The fourth trend is divergence. Manufacturing firms' use of AI has risen, unevenly across industries, while the frontier investment that pushes model capability forward is concentrating among companies with the capital to fund it. The report presents this as a double split between broader use on one side and narrower control over the direction of the technology on the other.

Set against earlier commentary on industrial AI, the notable element is the assertion that adoption has left the pilot stage. Prior framings treated the question as whether a factory had a model at all. This report treats that question as settled and moves the difficulty downstream. It does not disclose how the per-industry divergence was measured, and no manufacturer named in the circulated text has responded to its conclusions.
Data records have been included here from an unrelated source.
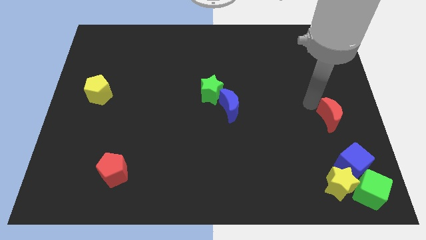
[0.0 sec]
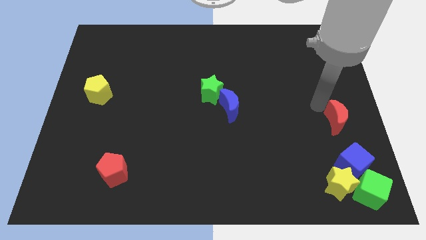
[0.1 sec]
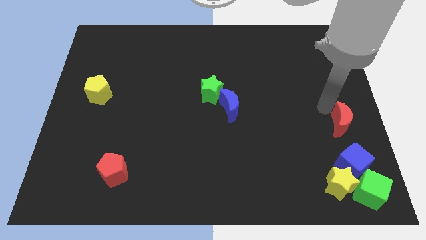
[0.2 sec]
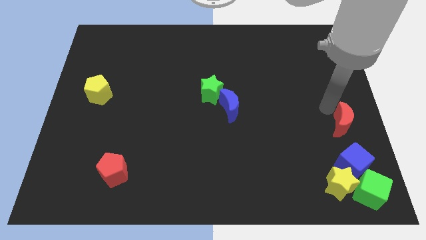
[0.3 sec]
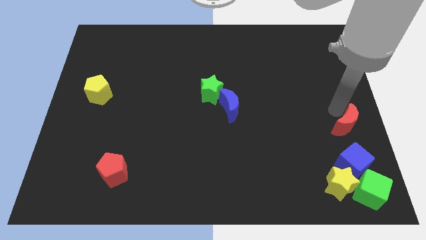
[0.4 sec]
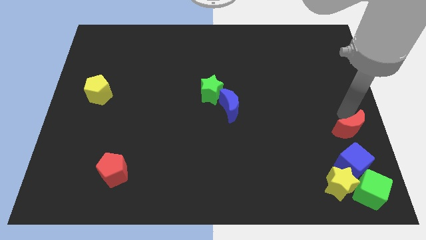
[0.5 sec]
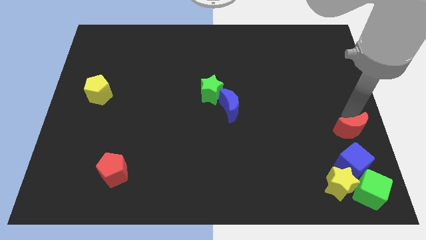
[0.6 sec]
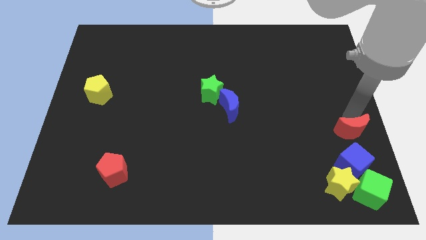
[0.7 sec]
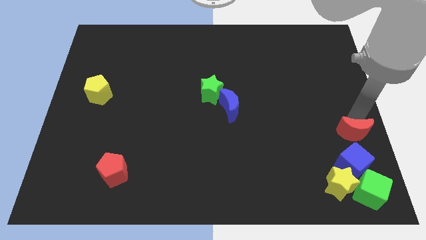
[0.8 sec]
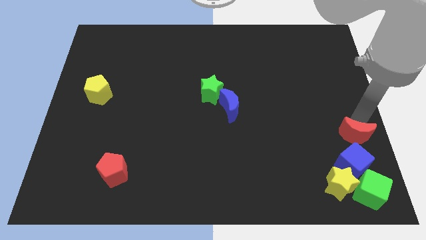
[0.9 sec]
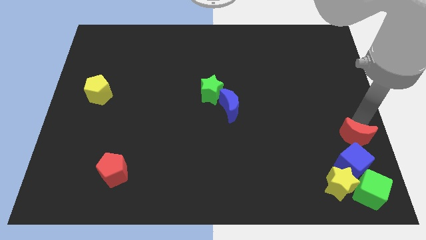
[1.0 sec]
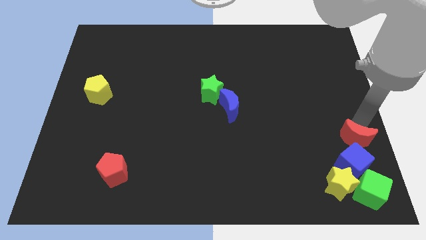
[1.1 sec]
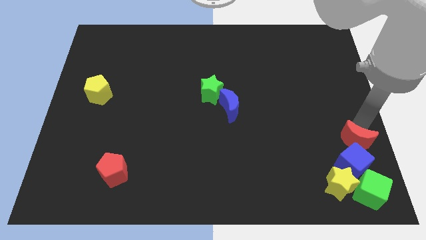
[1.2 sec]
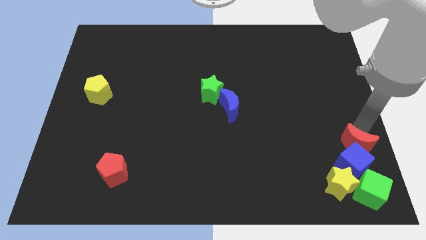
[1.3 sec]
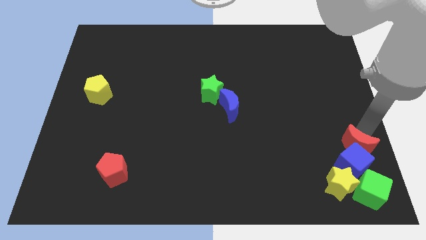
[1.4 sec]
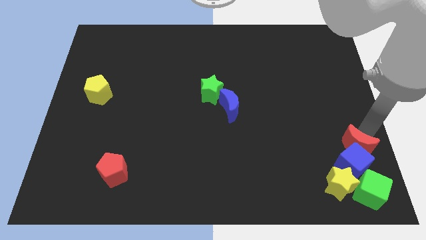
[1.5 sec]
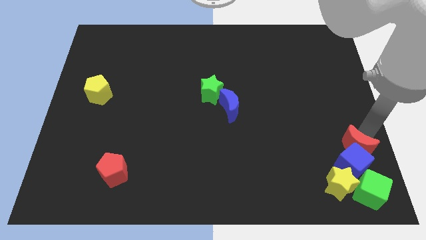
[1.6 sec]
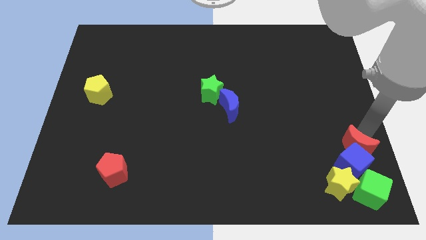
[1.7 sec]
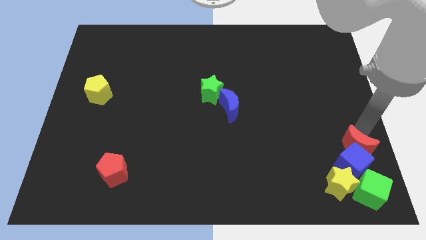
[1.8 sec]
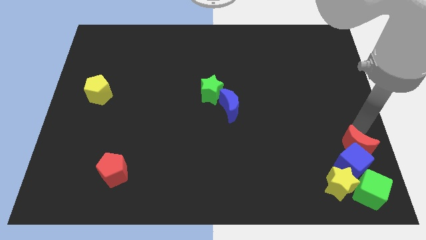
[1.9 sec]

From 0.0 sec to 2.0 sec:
slide the red crescent towards the blue cube

The copies in circulation end mid-sentence, so the report's recommendations for the Northeast and any estimates attached to them are not visible. The indicators to watch are the generative AI share in the next lighthouse factory update, which would test whether the 23 percent figure keeps climbing, and whether later editions quantify how concentrated frontier investment has become.

Why it matters

A state think tank is now telling China's manufacturers that AI adoption has moved past the pilot stage, which sets the benchmark against which industrial AI spending and policy in the Northeast will be judged.